Meetup summary

2025-07-11 - Intro to probability - part 2

None.

Agenda:

The meetup date and agenda are both tentative, but the idea is to pick up the intro to probability stuff from last time.

  • Expectation
    • Formalization of a “mean”
    • Definition for discrete RV
    • Definition for continuous RV
    • Single RV linearity (multiply/add constants)
    • LOTUS
    • Multiple RV linearity (requires joint distribution; invoke LOTUS)
    • Conditional expectation (should be though of as a function of the conditioned RV)
      • Law of total expectation
    • Of independent RVs
  • Variance
    • Definition
    • Expansion due to linearity of expectation
    • Law of total variance
    • Of independent RVs (derived via the general case of covariance)
  • Covariance
    • Definition
    • Linear expansion
    • Rules for sums/scales of covariance. (This gives rise to sums of variance, whether or not independent.)
    • Covariance inequality (relies on Cauchy-Schwarz)
    • Correlation (just standardize and take covariance)
  • Derived RVs
    • Single-variable method of transformations
    • Multivariate MOT (analogous but uses Jacobian)
    • Special case: sum of random variables (convolution).

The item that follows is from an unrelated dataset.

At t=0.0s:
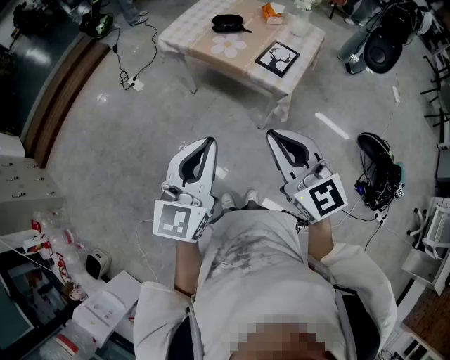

Works for both discrete and continuous RVs.
  • Foundational processes/distributions
    • Bernoulli process/RV, binomial RV, geometric RV, negative binomial RV, etc.
    • Multinomial (categorical) process, multinoulli.
    • Poisson process (limiting case of binomial), Poisson distribution, exponential distribution, Erlang/Gamma distribution
    • Gaussian distribution (different limiting case of binomial, but the derivation is long and we won’t get into it today; also arises from the CLT)
  • Moment generating functions
    • Equivalent to a two-sided Laplace transform, so it does not exist when RV doesn’t have finite moments.
  • Characteristic functions
    • Equivalent to Fourier transform, so it always exists but cannot be used to easily recovery moments from the series expansion.
  • Basic estimators
    • Definition
    • Estimator bias
    • Estimator variance
    • Estimator MSE
    • Sample mean
    • “Naive” sample variance
    • Unbiased sample variance
  • Foundational inequalities
    • Union bound
    • Markov inequality
    • Chebychev inequality
    • Cauchy-Schwarz inquality (for expectations, by analogy with coordinate-free vector version)
    • Jensen’s inequality (I don’t know a general proof—this will just be an intuitive argument)
    • Gibbs’ inequalitiy (preview for information theory—won’t drill into entropy yet)
  • Inference preview (not planning to go deep here; will need to dedicate future sessions to particular areas)
    • Classical vs Bayesian perspective in a nutshell (raw MLE vs explicit priors, underlying parameter is an (unknown) constant vs RV)
    • Conjugate priors (e.g., beta-binomial)

Notes

We went through expectation, variance, and covariance. This was review for a few people but we wanted to get everybody up to speed. We skipped ahead to the Cauchy-Schwarz inequality in order to derive the covariance inequality, starting with a discrete dot product in 2D/3D and then abstracting to higher dimensions and finally to continuous vector spaces. It can of course be demonstrated more directly in the special case where you define the inner product to be the product of two random variables over some joint distribution.